On the other hand, Gibbs sampling is a stochastic algorithm that goes through each word in each document and tries to guess which topic basket the word belongs to. It makes this guess based on two things: how often the word appears in the document, and how often the word is associated with each topic basket across all documents
By repeatedly guessing the topic for each word, LDA gradually improves its understanding of the topics and their word baskets. It’s like sorting a big pile of words into different topic baskets, and then adjusting the baskets based on how well the words fit together. After a while, LDA settles on a set of topics and word baskets that best explain the patterns in the documents.
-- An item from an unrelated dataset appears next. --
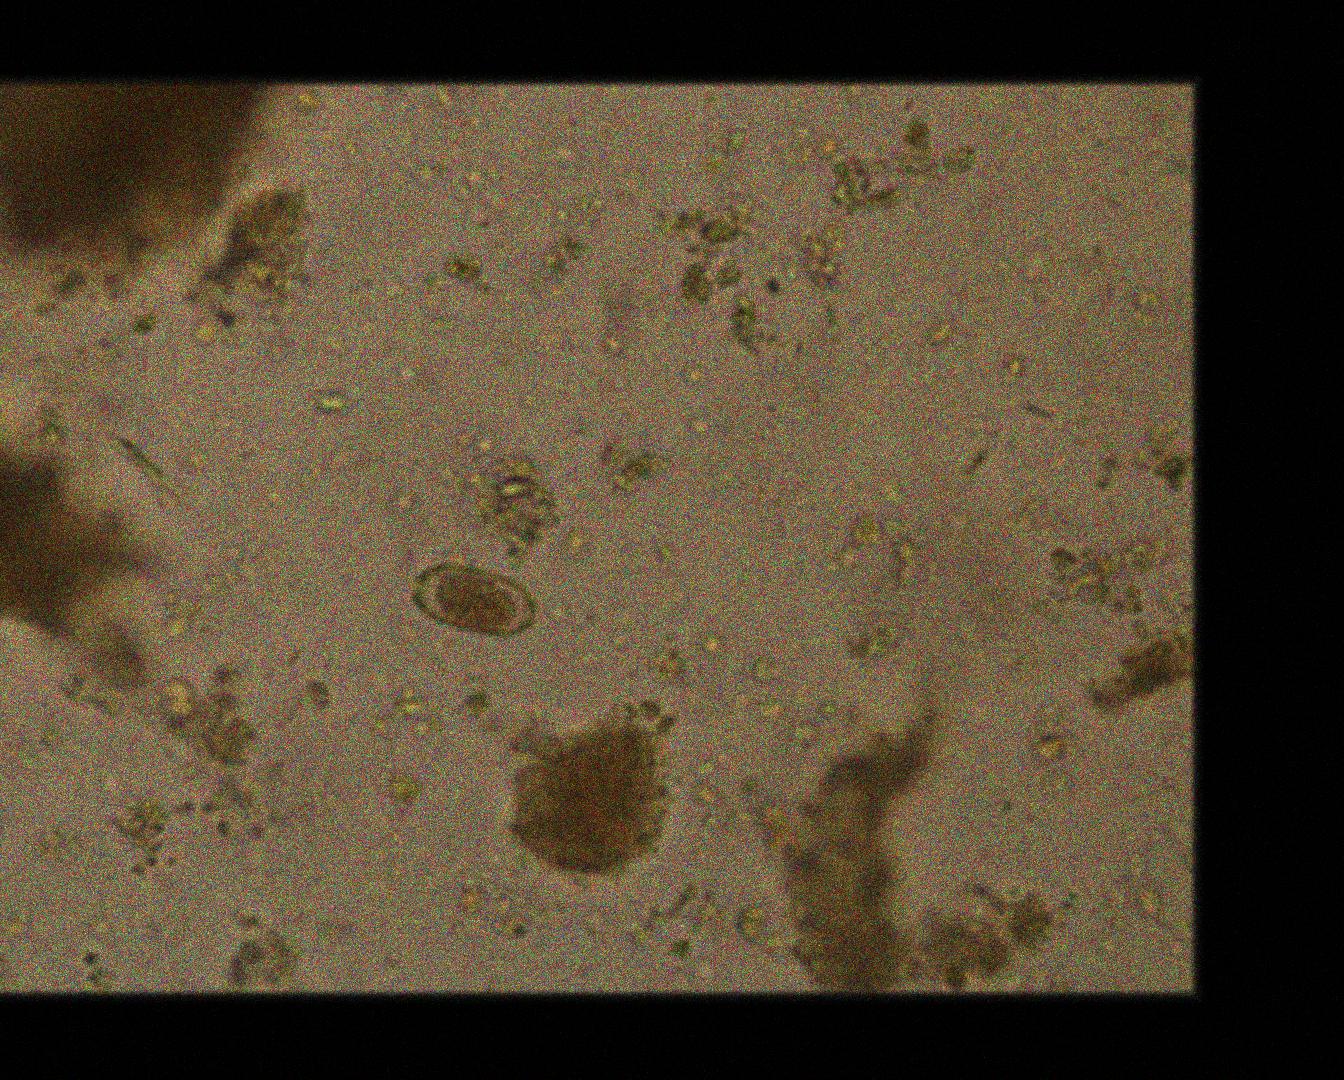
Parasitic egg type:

VEM is generally faster than Gibbs sampling, especially for large datasets.Compared to VEM, Gibbs sampling can provide a more accurate estimate of the true distribution of topic assignments, as it doesn’t rely on a simplifying assumption. However, it can be computationally more expensive and may require a longer runtime, especially for large datasets.
You can find a mathematical illustration of LDA estimation in the vignette of topicmodels.